▶ MATERIAL FOR THIS EXERCISE

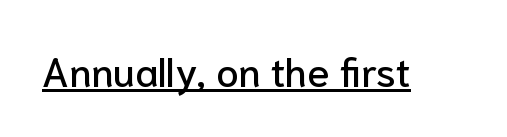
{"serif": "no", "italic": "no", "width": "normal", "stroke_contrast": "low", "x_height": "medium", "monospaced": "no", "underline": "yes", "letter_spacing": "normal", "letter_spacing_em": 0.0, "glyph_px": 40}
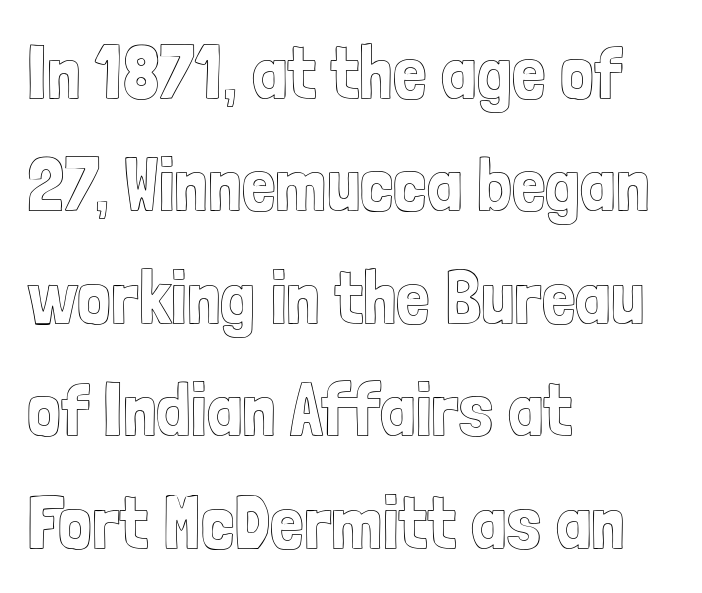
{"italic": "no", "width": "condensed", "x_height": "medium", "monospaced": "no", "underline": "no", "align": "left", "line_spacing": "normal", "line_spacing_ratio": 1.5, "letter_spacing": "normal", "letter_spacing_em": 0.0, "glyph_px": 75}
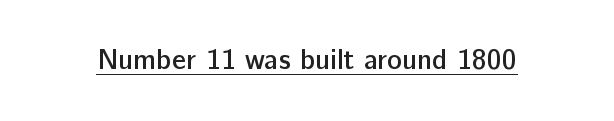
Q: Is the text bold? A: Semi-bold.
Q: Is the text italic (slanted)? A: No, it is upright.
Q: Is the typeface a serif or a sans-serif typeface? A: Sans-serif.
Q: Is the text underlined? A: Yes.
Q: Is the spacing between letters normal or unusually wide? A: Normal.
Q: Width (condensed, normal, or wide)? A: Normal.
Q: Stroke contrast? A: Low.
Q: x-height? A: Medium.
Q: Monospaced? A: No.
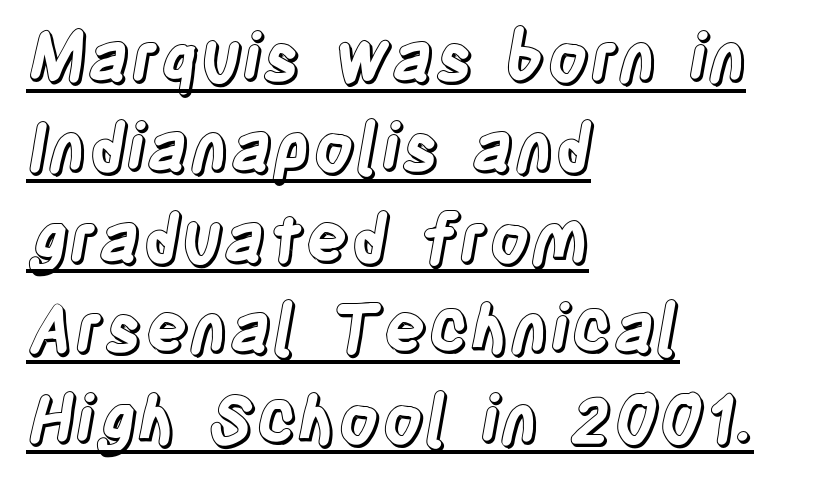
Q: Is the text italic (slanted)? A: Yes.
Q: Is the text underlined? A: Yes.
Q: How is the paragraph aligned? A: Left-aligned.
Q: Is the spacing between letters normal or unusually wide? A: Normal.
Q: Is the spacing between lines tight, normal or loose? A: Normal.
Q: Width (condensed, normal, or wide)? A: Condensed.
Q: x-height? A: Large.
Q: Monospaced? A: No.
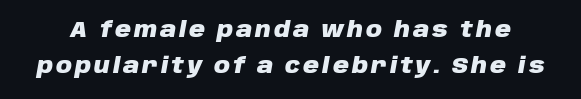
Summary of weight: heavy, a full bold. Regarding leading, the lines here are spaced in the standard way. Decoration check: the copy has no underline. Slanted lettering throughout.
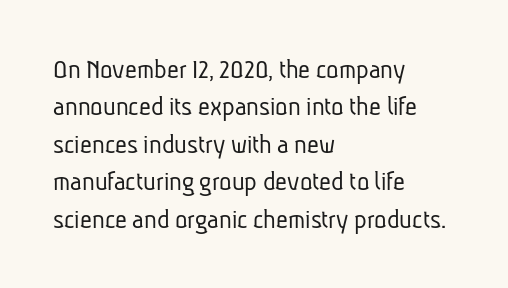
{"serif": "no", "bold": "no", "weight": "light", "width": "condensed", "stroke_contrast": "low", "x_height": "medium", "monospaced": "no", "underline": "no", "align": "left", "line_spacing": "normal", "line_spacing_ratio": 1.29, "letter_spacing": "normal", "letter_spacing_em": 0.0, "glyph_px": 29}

▶ THE PROBLEM
Exact copy, no pictures: set down all the entries again as they stand.

▶ YOUR RESPONSE
{"serif": "no", "italic": "no", "width": "normal", "stroke_contrast": "low", "x_height": "medium", "monospaced": "no", "underline": "yes", "letter_spacing": "normal", "letter_spacing_em": 0.0, "glyph_px": 40}
{"italic": "no", "width": "condensed", "x_height": "medium", "monospaced": "no", "underline": "no", "align": "left", "line_spacing": "normal", "line_spacing_ratio": 1.5, "letter_spacing": "normal", "letter_spacing_em": 0.0, "glyph_px": 75}
Q: Is the text bold? A: Semi-bold.
Q: Is the text italic (slanted)? A: No, it is upright.
Q: Is the typeface a serif or a sans-serif typeface? A: Sans-serif.
Q: Is the text underlined? A: Yes.
Q: Is the spacing between letters normal or unusually wide? A: Normal.
Q: Width (condensed, normal, or wide)? A: Normal.
Q: Stroke contrast? A: Low.
Q: x-height? A: Medium.
Q: Monospaced? A: No.
Q: Is the text italic (slanted)? A: Yes.
Q: Is the text underlined? A: Yes.
Q: How is the paragraph aligned? A: Left-aligned.
Q: Is the spacing between letters normal or unusually wide? A: Normal.
Q: Is the spacing between lines tight, normal or loose? A: Normal.
Q: Width (condensed, normal, or wide)? A: Condensed.
Q: x-height? A: Large.
Q: Monospaced? A: No.
Summary of weight: heavy, a full bold. Regarding leading, the lines here are spaced in the standard way. Decoration check: the copy has no underline. Slanted lettering throughout.
{"serif": "no", "bold": "no", "weight": "light", "width": "condensed", "stroke_contrast": "low", "x_height": "medium", "monospaced": "no", "underline": "no", "align": "left", "line_spacing": "normal", "line_spacing_ratio": 1.29, "letter_spacing": "normal", "letter_spacing_em": 0.0, "glyph_px": 29}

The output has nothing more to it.